[[ Entries supplied, beginning ]]

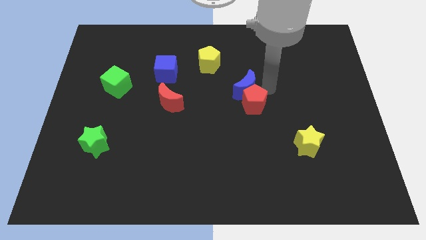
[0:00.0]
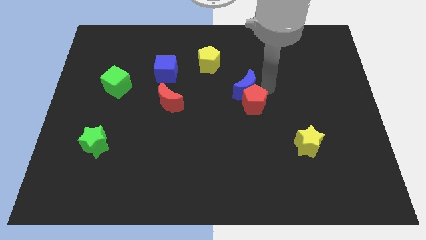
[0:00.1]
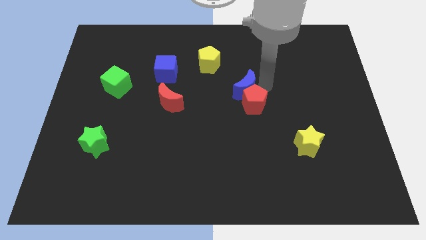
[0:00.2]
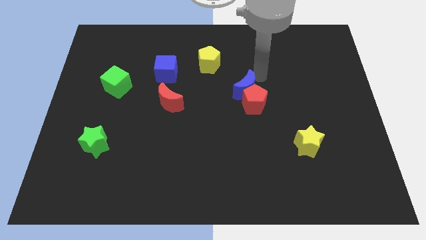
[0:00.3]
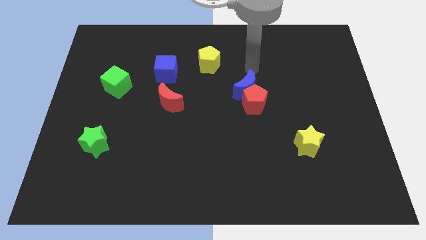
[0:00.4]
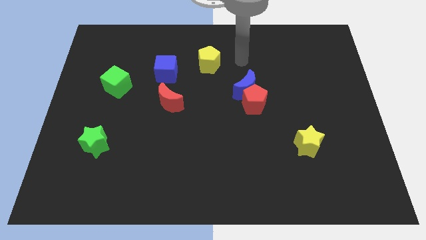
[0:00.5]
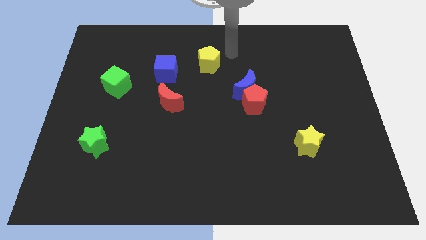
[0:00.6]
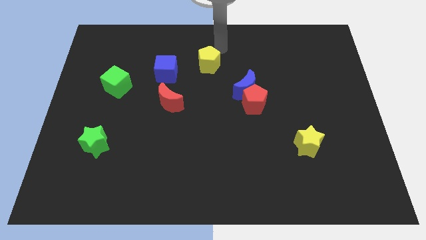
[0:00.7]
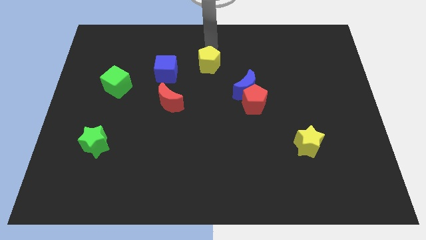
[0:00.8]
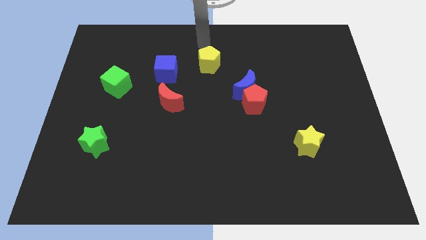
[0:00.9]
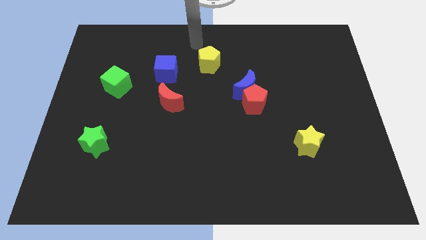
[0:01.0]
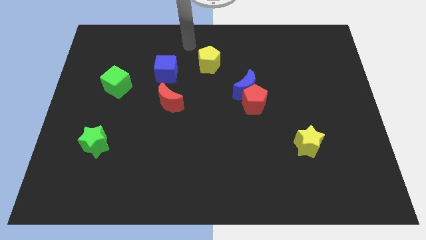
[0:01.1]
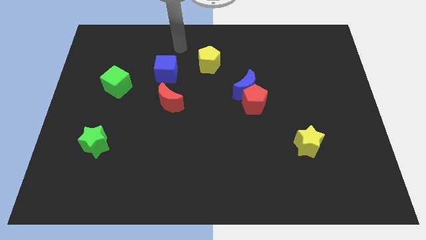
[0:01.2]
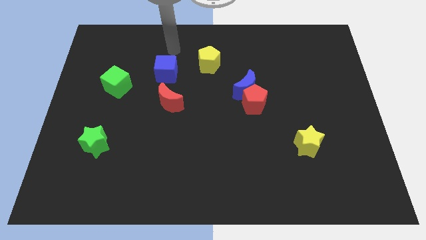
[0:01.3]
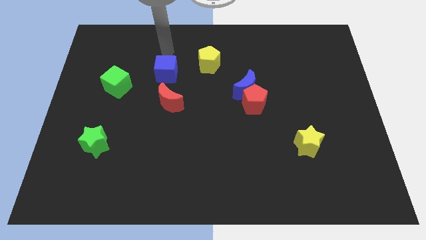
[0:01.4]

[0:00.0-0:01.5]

[[ Entries supplied, end ]]

Problem statement —
Everything in the records above should be printed again exactly, except the pictures.

Your solution —
[0:00.0]
[0:00.1]
[0:00.2]
[0:00.3]
[0:00.4]
[0:00.5]
[0:00.6]
[0:00.7]
[0:00.8]
[0:00.9]
[0:01.0]
[0:01.1]
[0:01.2]
[0:01.3]
[0:01.4]

[0:00.0-0:01.5]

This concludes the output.